Article by Fair Trials

New research published today by the European Roma Rights Centre (ERRC) reveals a multitude of human rights violations faced by Roma in the criminal justice system of North Macedonia. The report, Justice Denied: Roma in the Criminal Justice System of North Macedonia, was produced in partnership with Fair Trials.

“What we see in general society is mirrored in the institutions as well” said the ERRC’s President, Đorđe Jovanović. “It is not just a matter of racist police officers, racist prosecutors, or racist judges – it is an entire justice system that needs major reform in order to deliver anti-racist justice and eliminate this culture of antigypsyism that exists in criminal justice institutions.”

The research demonstrates that antigypsyism is not only pervasive in North Macedonia, but that it is engrained and routinised in the country’s criminal justice system. Romani defendants face discrimination at every stage of criminal proceedings from the police to the judges, prosecutors, and even their own lawyers. Once in prison, Roma also reported discrimination, racist violence, and even deaths of family members held in custody. The evidence from the research as well as the ERRC’s caseload over 25 years clearly demonstrates that law enforcement agencies are institutionally racist, and there is official tolerance of a culture of impunity within criminal justice institutions when it comes to mistreatment of Roma.

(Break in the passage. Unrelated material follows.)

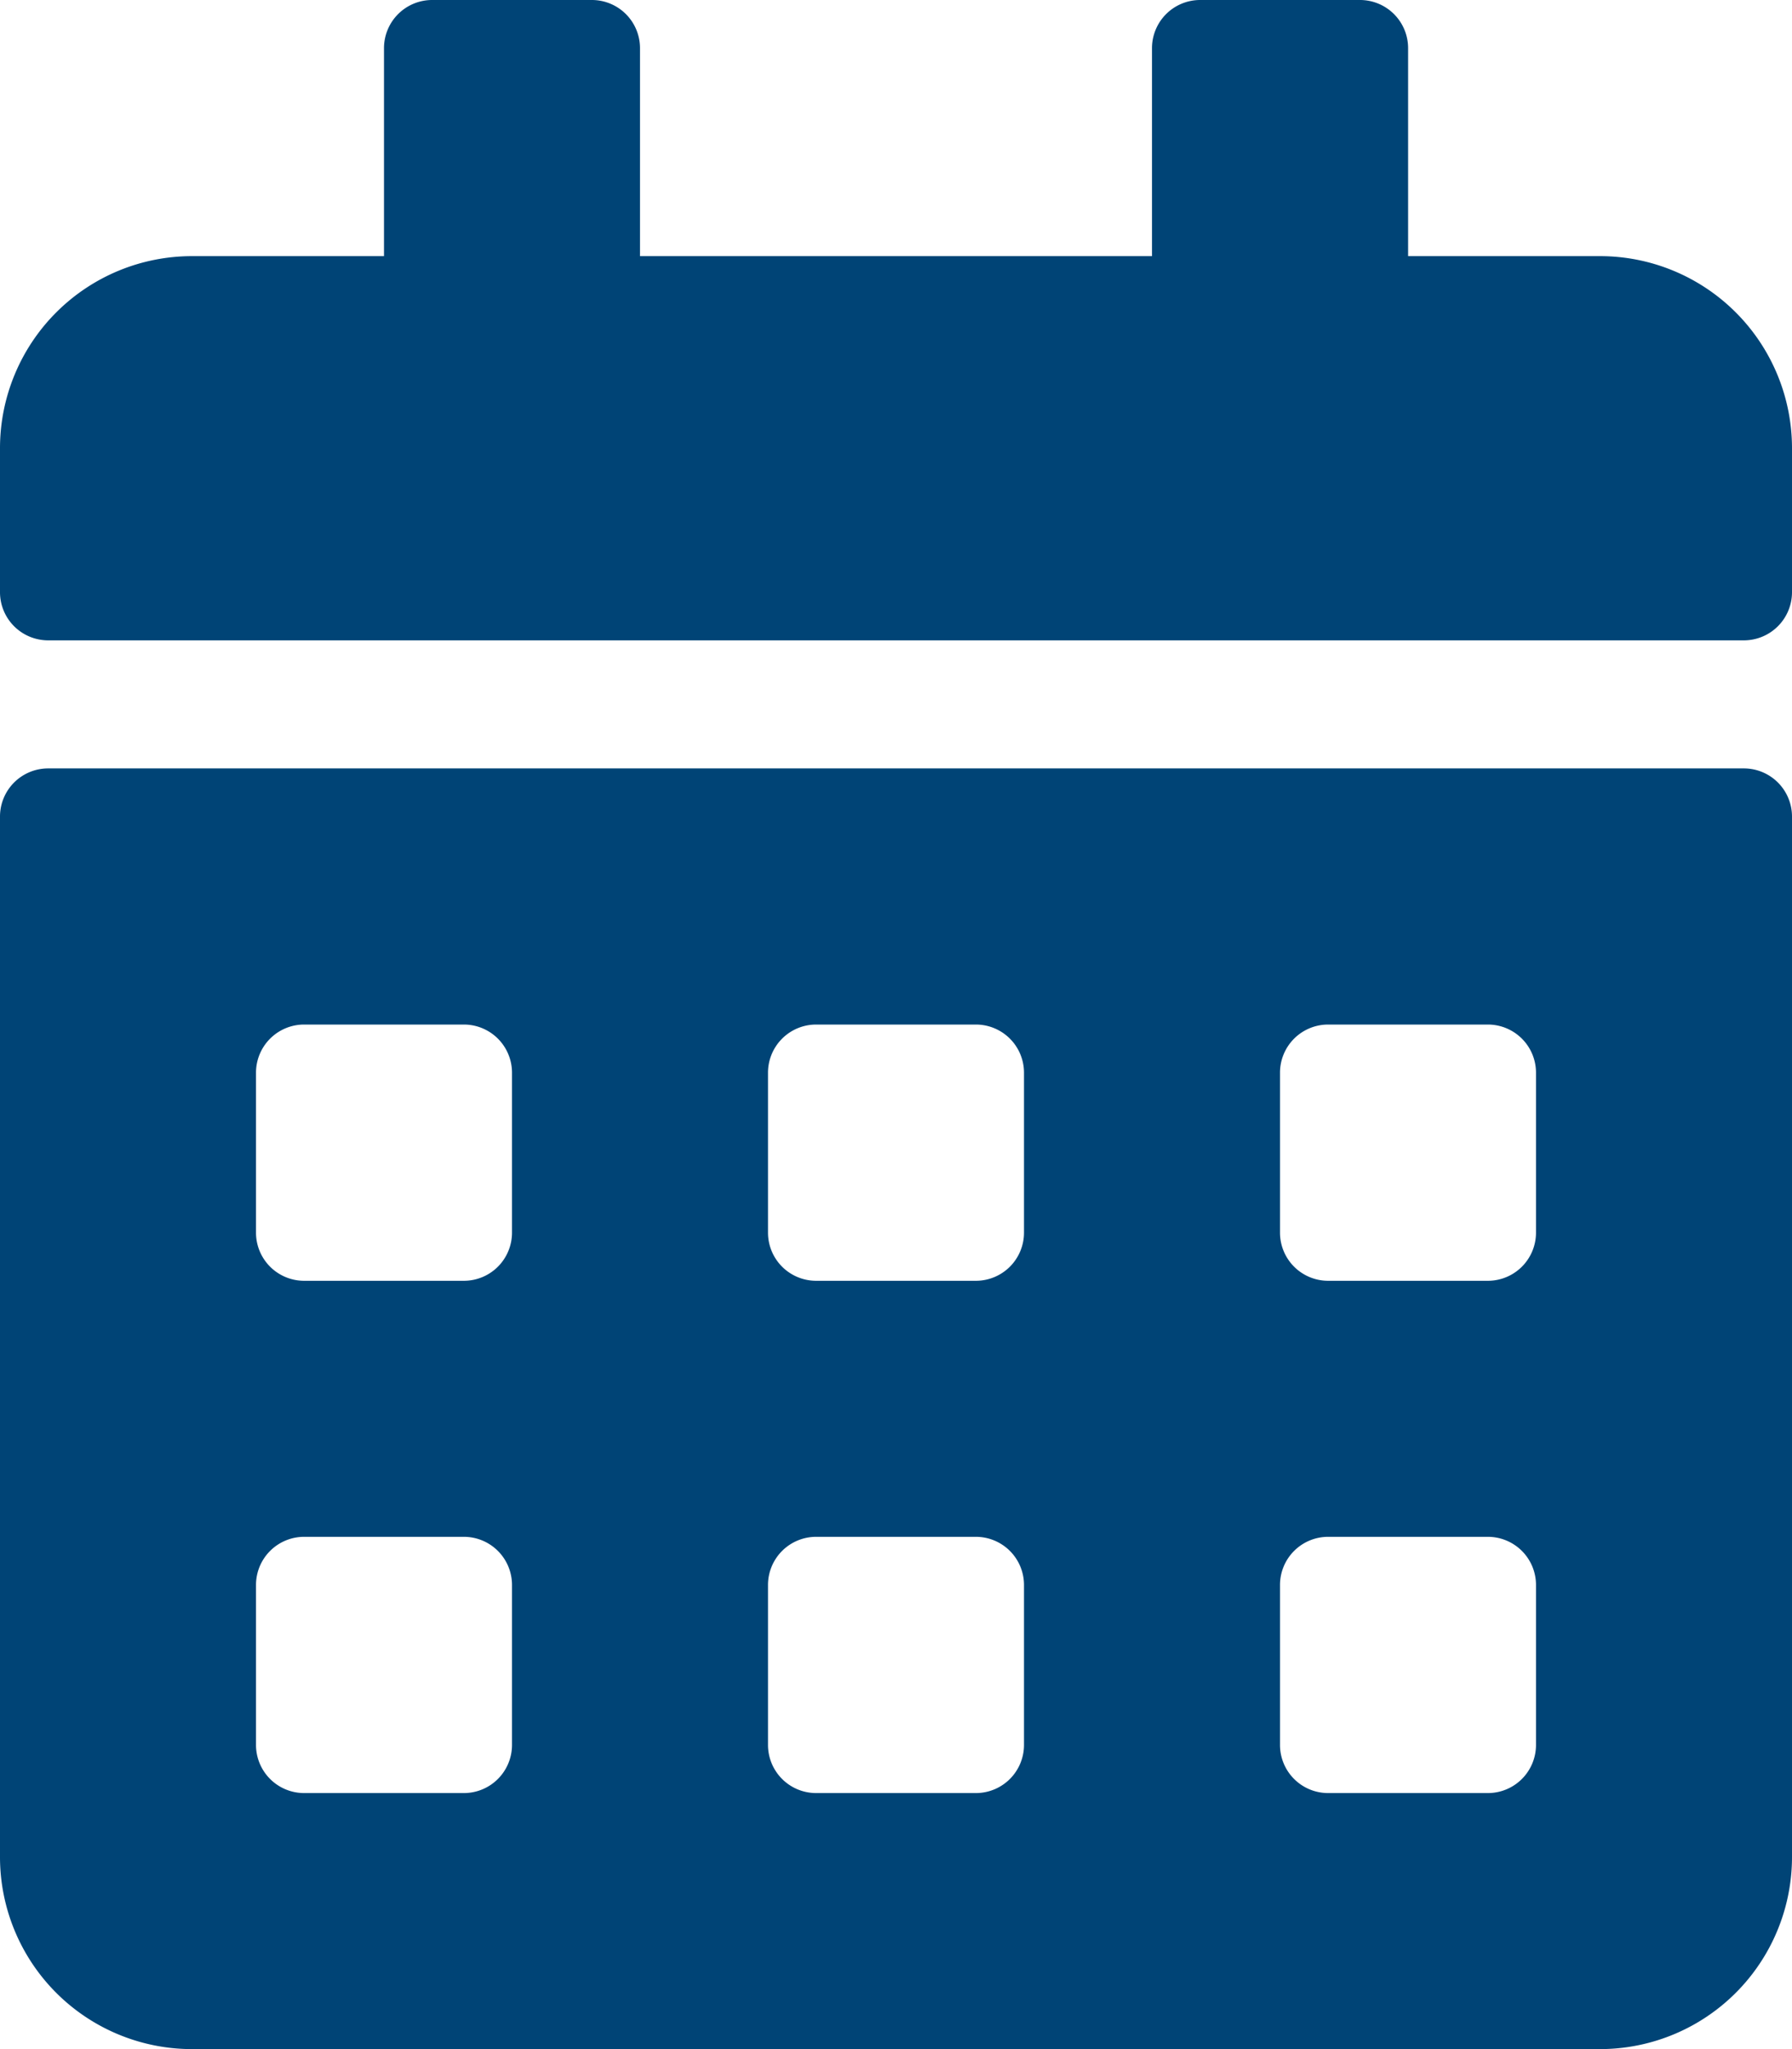 <svg xmlns="http://www.w3.org/2000/svg" width="17.5" height="20" viewBox="0 0 17.5 20">
  <path id="calendar-alt.1" d="M17.031,6.25H.469A.47.47,0,0,1,0,5.781V4.375A1.875,1.875,0,0,1,1.875,2.5H3.75V.469A.47.47,0,0,1,4.219,0H5.781A.47.47,0,0,1,6.25.469V2.5h5V.469A.47.47,0,0,1,11.719,0h1.563a.47.47,0,0,1,.469.469V2.5h1.875A1.875,1.875,0,0,1,17.5,4.375V5.781A.47.47,0,0,1,17.031,6.25ZM.469,7.5H17.031a.47.47,0,0,1,.469.469V18.125A1.875,1.875,0,0,1,15.625,20H1.875A1.875,1.875,0,0,1,0,18.125V7.969A.47.47,0,0,1,.469,7.5ZM5,15.469A.47.47,0,0,0,4.531,15H2.969a.47.47,0,0,0-.469.469v1.563a.47.47,0,0,0,.469.469H4.531A.47.47,0,0,0,5,17.031Zm0-5A.47.47,0,0,0,4.531,10H2.969a.47.47,0,0,0-.469.469v1.563a.47.47,0,0,0,.469.469H4.531A.47.47,0,0,0,5,12.031Zm5,5A.47.47,0,0,0,9.531,15H7.969a.47.47,0,0,0-.469.469v1.563a.47.47,0,0,0,.469.469H9.531A.47.47,0,0,0,10,17.031Zm0-5A.47.47,0,0,0,9.531,10H7.969a.47.47,0,0,0-.469.469v1.563a.47.47,0,0,0,.469.469H9.531A.47.47,0,0,0,10,12.031Zm5,5A.47.47,0,0,0,14.531,15H12.969a.47.47,0,0,0-.469.469v1.563a.47.47,0,0,0,.469.469h1.563A.47.47,0,0,0,15,17.031Zm0-5A.47.47,0,0,0,14.531,10H12.969a.47.47,0,0,0-.469.469v1.563a.47.47,0,0,0,.469.469h1.563A.47.47,0,0,0,15,12.031Z" fill="#004476"/>
</svg>

Fair Trials’ UK & International Legal Director, Bruno Min, said “Anti-Roma racism in criminal justice systems is a reality that governments across Europe must confront. It cannot be dismissed as a matter of isolated incidents, or a ‘few bad apples’, but be viewed as a systemic challenge that damages communities and perpetuates false, prejudicial attitudes towards Romani people. We can only make progress if the police, the courts, the prosecution service, and the legal profession acknowledge both the scale of the challenge, and the need to make extensive, meaningful changes to address structural inequalities in the criminal justice system.”

Most Romani interviewees, police, judges, prosecutors, and defence lawyers interviewed considered Roma to be overrepresented in the North Macedonian criminal justice system. This is due to a combination of reasons which include persistent racial profiling and violent over-policing of Romani communities, social marginalisation and higher rates of poverty, lack of eligibility for alternatives to sentencing, and a presumption of guilt rooted in wider racist narratives that associate Romani people with crime.   As one interviewee put it, Roma are presumed to be guilty, and described how if there is a theft in the neighbourhood, the police order Romani residents to report to the police station for questioning: “In the worst-case scenario, if you refuse to plead guilty during the interrogation process, then a police officer will force you to do so by slapping you in the face and beating you and you will end up in pre-trial detention.”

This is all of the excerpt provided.